= Dataset excerpts =
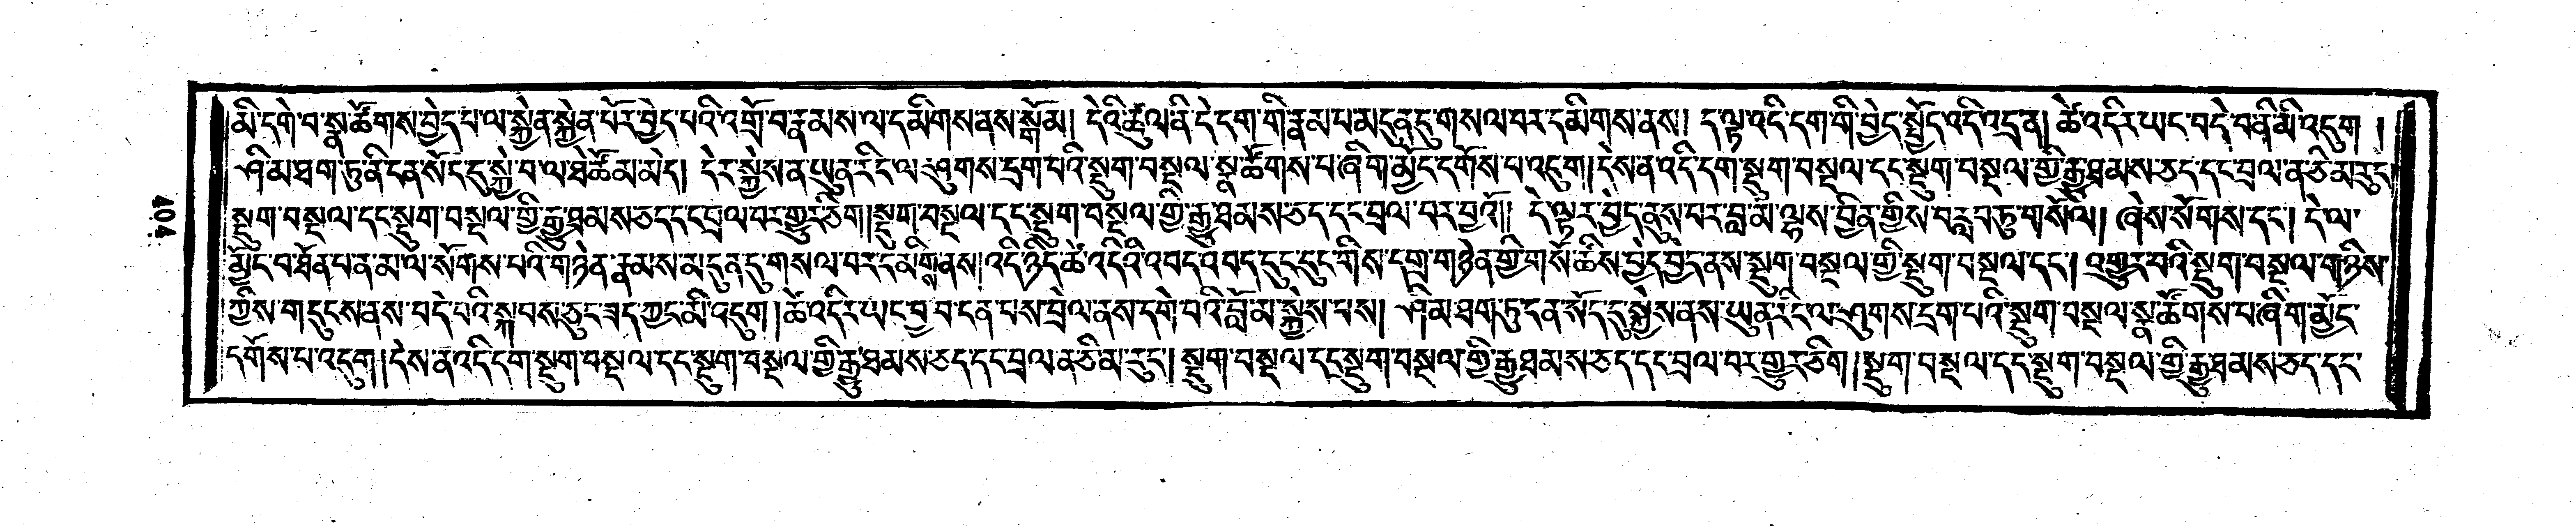མི་དགེ་བ་སྣ་ཚོགས་བྱེད་པ་ལ་སྐྱེན་སྐྱེན་པོར་བྱེད་པའི་འགྲོ་བ་རྣམས་ལ་དམིགས་ནས་སྒོམ། དེའི་ཚུལ་ནི་དེ་དག་གི་རྣམ་པ་མདུན་དུ་གསལ་བར་དམིགས་ནས། ད་ལྟ་འདི་དག་གི་བྱེད་སྤྱོད་འདི་འདྲ་ན། ཚེ་འདིར་ཡང་བདེ་བ་ནི་མི་འདུག །
ཤི་མ་ཐག་ཏུ་ནི་ངན་སོང་དུ་སྐྱེ་བ་ལ་ཐེ་ཚོམ་མེད། དེར་སྐྱེས་ན་ཡུན་རིང་ལ་ཤུགས་དྲག་པའི་སྡུག་བསྔལ་སྣ་ཚོགས་པ་ཞིག་མྱོང་དགོས་པ་འདུག །དེས་ན་འདི་དག་སྡུག་བསྔལ་དང་སྡུག་བསྔལ་གྱི་རྒྱུ་ཐམས་ཅད་དང་བྲལ་ན་ཅི་མ་རུང་།
སྡུག་བསྔལ་དང་སྡུག་བསྔལ་གྱི་རྒྱུ་ཐམས་ཅད་དང་བྲལ་བར་གྱུར་ཅིག །སྡུག་བསྔལ་དང་སྡུག་བསྔལ་གྱི་རྒྱུ་ཐམས་ཅད་དང་བྲལ་བར་བྱའོ། །དེ་ལྟར་བྱེད་ནུས་པར་བླ་མ་ལྷས་བྱིན་གྱིས་བརླབ་ཏུ་གསོལ། ཞེས་སོགས་དང་། དེ་ལ་
མྱོང་བ་ཐོན་པ་ན་མ་ལ་སོགས་པའི་གཉེན་རྣམས་མདུན་དུ་གསལ་བར་དམིགས་ནས། འདི་ཉིད་ཚེ་འདིའི་འབད་འབད་དུང་དུང་གིས་དགྲ་གཉེན་གྱི་གསོ་ཚིས་བྱེད་བྱེད་ནས་སྡུག་བསྔལ་གྱི་སྡུག་བསྔལ་དང་། འགྱུར་བའི་སྡུག་བསྔལ་གཉིས་
ཀྱིས་གདུངས་ནས་བདེ་བའི་སྐབས་ཅུང་ཟད་ཀྱང་མི་འདུག །ཚེ་འདིར་ཡང་བྱ་བ་ངན་པས་བྲེལ་ནས་དགེ་བའི་བློ་མ་སྐྱེས་པས། ཤི་མ་ཐག་ཏུ་ངན་སོང་དུ་སྐྱེས་ནས་ཡུན་རིང་ལ་ཤུགས་དྲག་པའི་སྡུག་བསྔལ་སྣ་ཚོགས་པ་ཞིག་མྱོང་
དགོས་པ་འདུག །དེས་ན་འདི་དག་སྡུག་བསྔལ་དང་སྡུག་བསྔལ་གྱི་རྒྱུ་ཐམས་ཅད་དང་བྲལ་ན་ཅི་མ་རུང་། སྡུག་བསྔལ་དང་སྡུག་བསྔལ་གྱི་རྒྱུ་ཐམས་ཅད་དང་བྲལ་བར་གྱུར་ཅིག །སྡུག་བསྔལ་དང་སྡུག་བསྔལ་གྱི་རྒྱུ་ཐམས་ཅད་དང་

= Assignment =
Could the entries above be written out word for word, with no pictures?

= Answer for the task =
མི་དགེ་བ་སྣ་ཚོགས་བྱེད་པ་ལ་སྐྱེན་སྐྱེན་པོར་བྱེད་པའི་འགྲོ་བ་རྣམས་ལ་དམིགས་ནས་སྒོམ། དེའི་ཚུལ་ནི་དེ་དག་གི་རྣམ་པ་མདུན་དུ་གསལ་བར་དམིགས་ནས། ད་ལྟ་འདི་དག་གི་བྱེད་སྤྱོད་འདི་འདྲ་ན། ཚེ་འདིར་ཡང་བདེ་བ་ནི་མི་འདུག །
ཤི་མ་ཐག་ཏུ་ནི་ངན་སོང་དུ་སྐྱེ་བ་ལ་ཐེ་ཚོམ་མེད། དེར་སྐྱེས་ན་ཡུན་རིང་ལ་ཤུགས་དྲག་པའི་སྡུག་བསྔལ་སྣ་ཚོགས་པ་ཞིག་མྱོང་དགོས་པ་འདུག །དེས་ན་འདི་དག་སྡུག་བསྔལ་དང་སྡུག་བསྔལ་གྱི་རྒྱུ་ཐམས་ཅད་དང་བྲལ་ན་ཅི་མ་རུང་།
སྡུག་བསྔལ་དང་སྡུག་བསྔལ་གྱི་རྒྱུ་ཐམས་ཅད་དང་བྲལ་བར་གྱུར་ཅིག །སྡུག་བསྔལ་དང་སྡུག་བསྔལ་གྱི་རྒྱུ་ཐམས་ཅད་དང་བྲལ་བར་བྱའོ། །དེ་ལྟར་བྱེད་ནུས་པར་བླ་མ་ལྷས་བྱིན་གྱིས་བརླབ་ཏུ་གསོལ། ཞེས་སོགས་དང་། དེ་ལ་
མྱོང་བ་ཐོན་པ་ན་མ་ལ་སོགས་པའི་གཉེན་རྣམས་མདུན་དུ་གསལ་བར་དམིགས་ནས། འདི་ཉིད་ཚེ་འདིའི་འབད་འབད་དུང་དུང་གིས་དགྲ་གཉེན་གྱི་གསོ་ཚིས་བྱེད་བྱེད་ནས་སྡུག་བསྔལ་གྱི་སྡུག་བསྔལ་དང་། འགྱུར་བའི་སྡུག་བསྔལ་གཉིས་
ཀྱིས་གདུངས་ནས་བདེ་བའི་སྐབས་ཅུང་ཟད་ཀྱང་མི་འདུག །ཚེ་འདིར་ཡང་བྱ་བ་ངན་པས་བྲེལ་ནས་དགེ་བའི་བློ་མ་སྐྱེས་པས། ཤི་མ་ཐག་ཏུ་ངན་སོང་དུ་སྐྱེས་ནས་ཡུན་རིང་ལ་ཤུགས་དྲག་པའི་སྡུག་བསྔལ་སྣ་ཚོགས་པ་ཞིག་མྱོང་
དགོས་པ་འདུག །དེས་ན་འདི་དག་སྡུག་བསྔལ་དང་སྡུག་བསྔལ་གྱི་རྒྱུ་ཐམས་ཅད་དང་བྲལ་ན་ཅི་མ་རུང་། སྡུག་བསྔལ་དང་སྡུག་བསྔལ་གྱི་རྒྱུ་ཐམས་ཅད་དང་བྲལ་བར་གྱུར་ཅིག །སྡུག་བསྔལ་དང་སྡུག་བསྔལ་གྱི་རྒྱུ་ཐམས་ཅད་དང་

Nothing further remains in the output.